* Activity *
When you reach the records below, output every one exactly as written but leave out any pictures.

* Data supplied *

○ ○ ○ ○

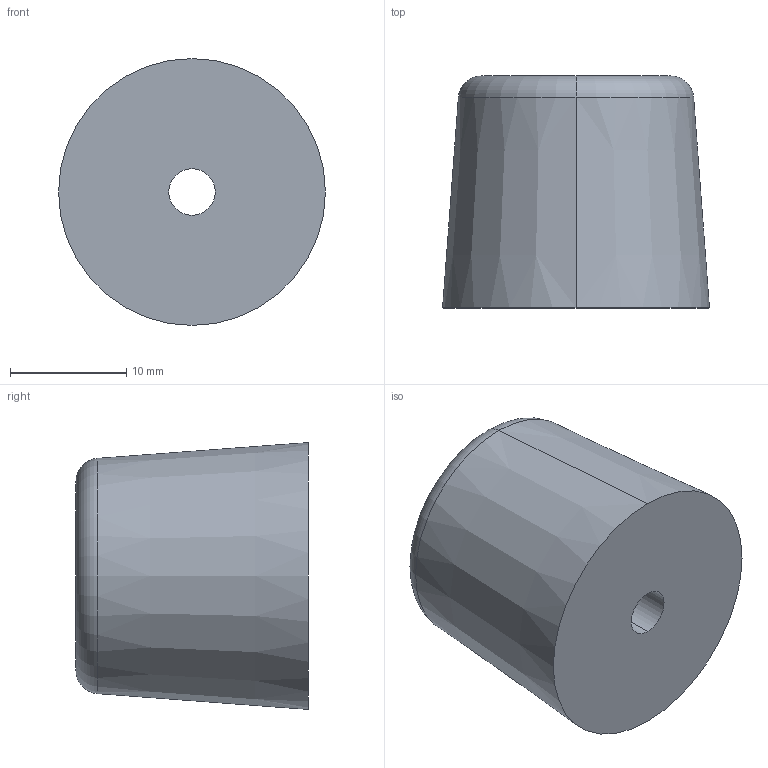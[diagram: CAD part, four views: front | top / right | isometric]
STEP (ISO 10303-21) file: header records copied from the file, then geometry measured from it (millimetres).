
FILE_DESCRIPTION (( 'STEP AP203' ), '1' );
FILE_NAME ('C-30-RK-2320-ﾃﾞﾌｫﾙﾄ.STEP', '2009-06-29T02:45:39', ( '11sw' ), ( 'タキゲン製造株式会社' ), 'SwSTEP 2.0', 'SolidWorks 2007', '' );
FILE_SCHEMA (( 'CONFIG_CONTROL_DESIGN' ));
Length unit declared in the file: millimetre
Products named in the file (1): C-30-RK-2320-蹬怮椔
Bounding box: 23 x 20 x 23 mm (x, y, z)
Volume: 6601 mm3; surface area: 2389.4 mm2
Topology: 1 solids, 1 shells, 11 faces, 22 edges, 14 vertices
Faces by surface type: cylinder 4, plane 3, cone 2, torus 2
Entity records: 377 total; most frequent: DIRECTION 62, CARTESIAN_POINT 48, ORIENTED_EDGE 44, AXIS2_PLACEMENT_3D 28, EDGE_CURVE 22, CIRCLE 16, VERTEX_POINT 14, EDGE_LOOP 14
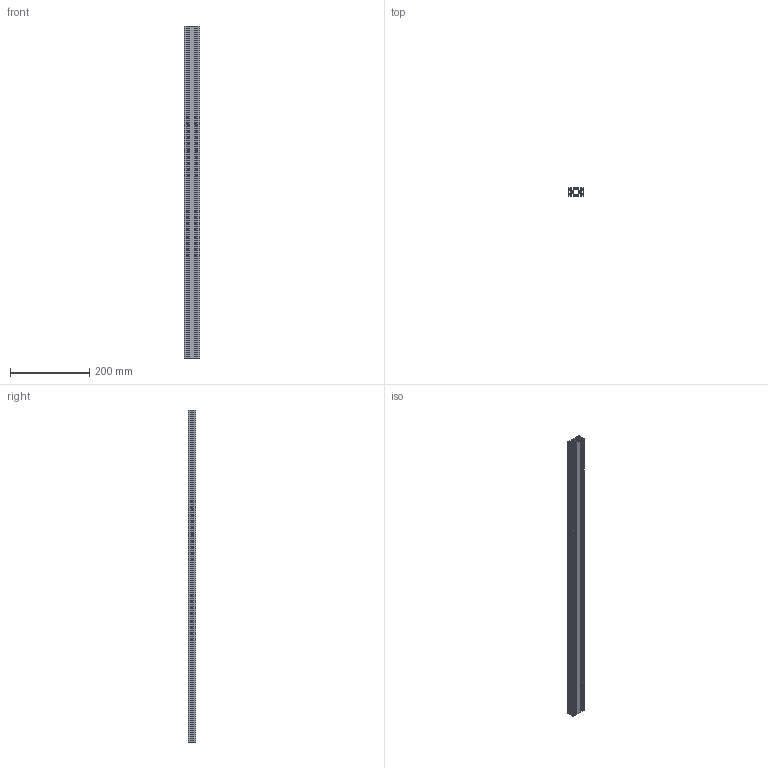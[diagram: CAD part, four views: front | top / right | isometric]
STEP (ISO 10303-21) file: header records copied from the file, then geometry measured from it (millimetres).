
FILE_DESCRIPTION(('HOOPS Exchange Step'),'2;1');
FILE_NAME('export-0B0F8DA2-42A2-4E23-9F91-54D222E3A2F9.stp','2022-05-29T17:16:04+03:00',('othaa'),('Alibre'),'HOOPS Exchange 2020.1','Alibre','Unknown authorisation');
FILE_SCHEMA( ('AP242_MANAGED_MODEL_BASED_3D_ENGINEERING_MIM_LF {1 0 10303 442 1 1 4 }') );
Length unit declared in the file: millimetre
Products named in the file (1): y coild 20x40 support beam
Bounding box: 39.98 x 19.99 x 840 mm (x, y, z)
Volume: 275940.1 mm3; surface area: 257771.2 mm2
Topology: 1 solids, 1 shells, 124 faces, 374 edges, 252 vertices
Faces by surface type: cylinder 64, plane 60
Full cylindrical faces by diameter (mm): 4.293 x2
Entity records: 4352 total; most frequent: DIRECTION 766, CARTESIAN_POINT 764, ORIENTED_EDGE 760, EDGE_CURVE 380, AXIS2_PLACEMENT_3D 260, VERTEX_POINT 258, VECTOR 246, LINE 246

○ ○ ○ ○

* Answer *
[diagram: CAD part, four views: front | top / right | isometric]
STEP (ISO 10303-21) file: header records copied from the file, then geometry measured from it (millimetres).
FILE_DESCRIPTION (( 'STEP AP203' ), '1' );
FILE_NAME ('C-30-RK-2320-ﾃﾞﾌｫﾙﾄ.STEP', '2009-06-29T02:45:39', ( '11sw' ), ( 'タキゲン製造株式会社' ), 'SwSTEP 2.0', 'SolidWorks 2007', '' );
FILE_SCHEMA (( 'CONFIG_CONTROL_DESIGN' ));
Length unit declared in the file: millimetre
Products named in the file (1): C-30-RK-2320-蹬怮椔
Bounding box: 23 x 20 x 23 mm (x, y, z)
Volume: 6601 mm3; surface area: 2389.4 mm2
Topology: 1 solids, 1 shells, 11 faces, 22 edges, 14 vertices
Faces by surface type: cylinder 4, plane 3, cone 2, torus 2
Entity records: 377 total; most frequent: DIRECTION 62, CARTESIAN_POINT 48, ORIENTED_EDGE 44, AXIS2_PLACEMENT_3D 28, EDGE_CURVE 22, CIRCLE 16, VERTEX_POINT 14, EDGE_LOOP 14
[diagram: CAD part, four views: front | top / right | isometric]
STEP (ISO 10303-21) file: header records copied from the file, then geometry measured from it (millimetres).
FILE_DESCRIPTION(('HOOPS Exchange Step'),'2;1');
FILE_NAME('export-0B0F8DA2-42A2-4E23-9F91-54D222E3A2F9.stp','2022-05-29T17:16:04+03:00',('othaa'),('Alibre'),'HOOPS Exchange 2020.1','Alibre','Unknown authorisation');
FILE_SCHEMA( ('AP242_MANAGED_MODEL_BASED_3D_ENGINEERING_MIM_LF {1 0 10303 442 1 1 4 }') );
Length unit declared in the file: millimetre
Products named in the file (1): y coild 20x40 support beam
Bounding box: 39.98 x 19.99 x 840 mm (x, y, z)
Volume: 275940.1 mm3; surface area: 257771.2 mm2
Topology: 1 solids, 1 shells, 124 faces, 374 edges, 252 vertices
Faces by surface type: cylinder 64, plane 60
Full cylindrical faces by diameter (mm): 4.293 x2
Entity records: 4352 total; most frequent: DIRECTION 766, CARTESIAN_POINT 764, ORIENTED_EDGE 760, EDGE_CURVE 380, AXIS2_PLACEMENT_3D 260, VERTEX_POINT 258, VECTOR 246, LINE 246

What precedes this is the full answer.